BEGIN

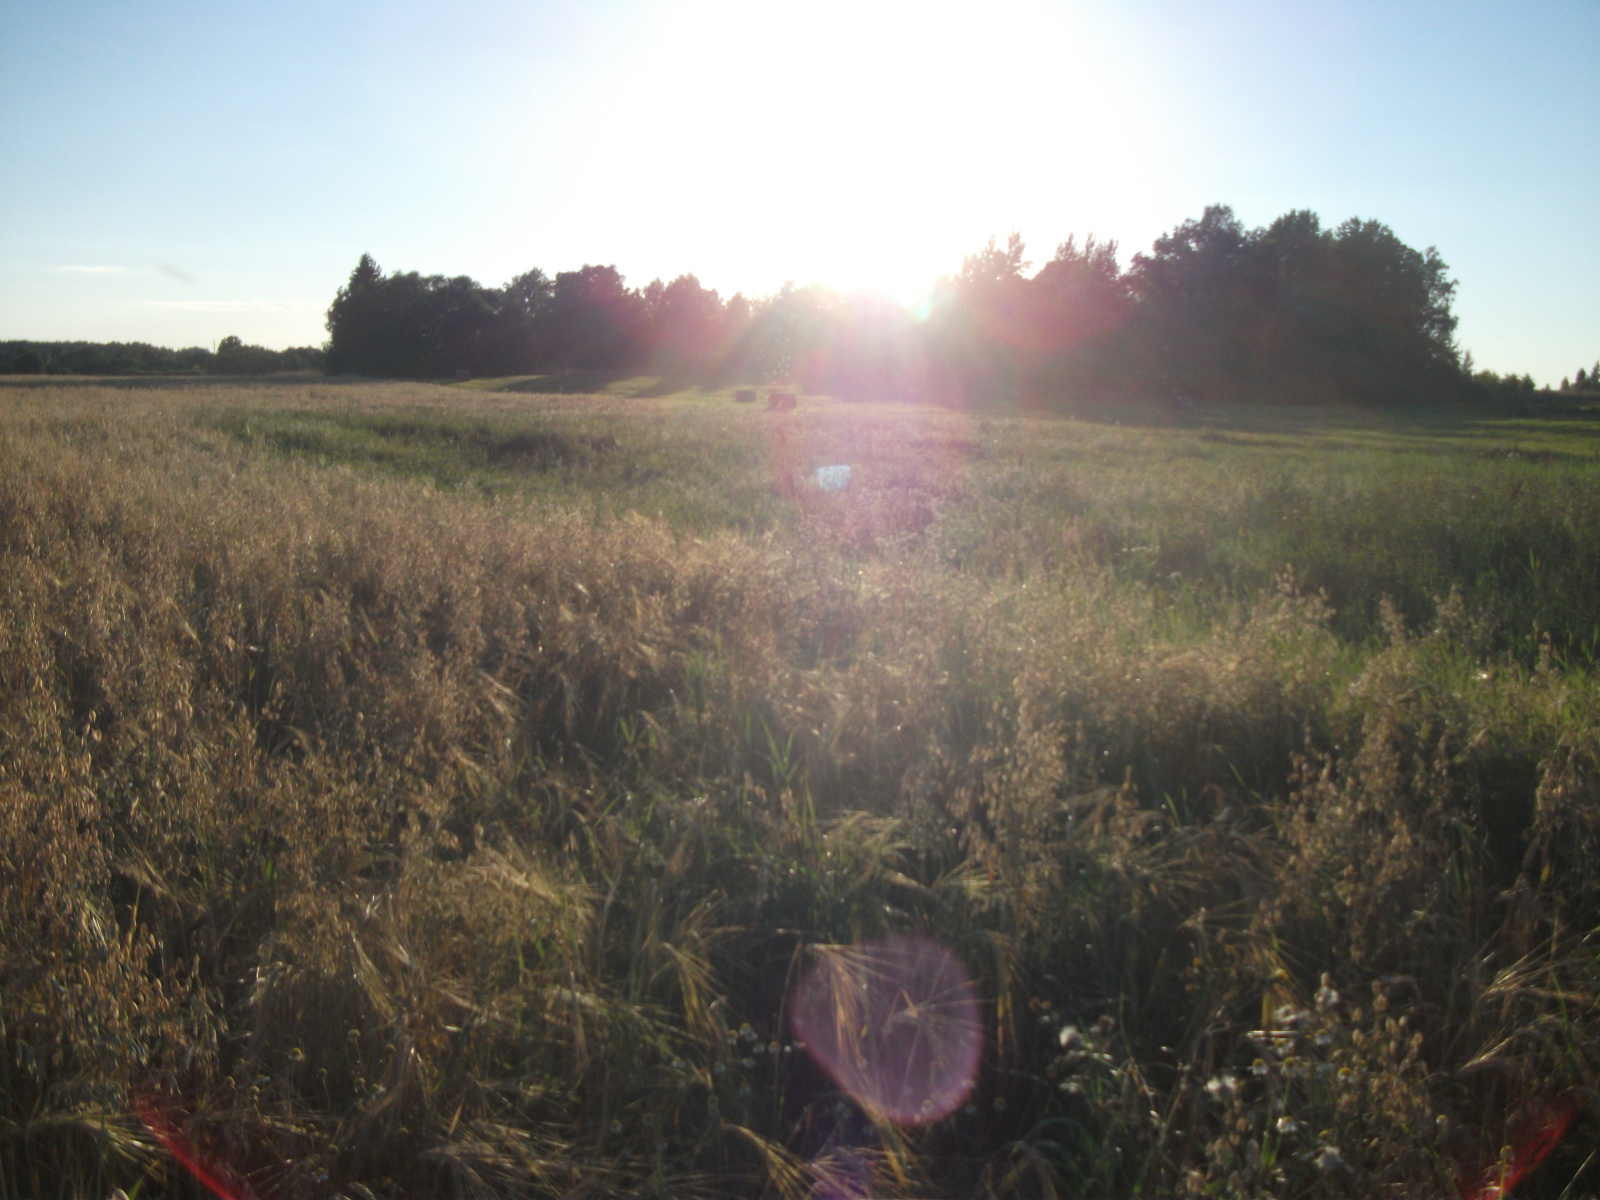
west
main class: Cropland
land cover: Mixed cereals for fodder
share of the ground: 50 - 75 %
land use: Agriculture (excluding fallow land and kitchen gardens)
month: August
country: LV
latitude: 56.3397
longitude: 26.3704

END

**Directions:**
Repeat the data in full, exactly as it stands, but drop every picture.

**Output for this task:**
west
main class: Cropland
land cover: Mixed cereals for fodder
share of the ground: 50 - 75 %
land use: Agriculture (excluding fallow land and kitchen gardens)
month: August
country: LV
latitude: 56.3397
longitude: 26.3704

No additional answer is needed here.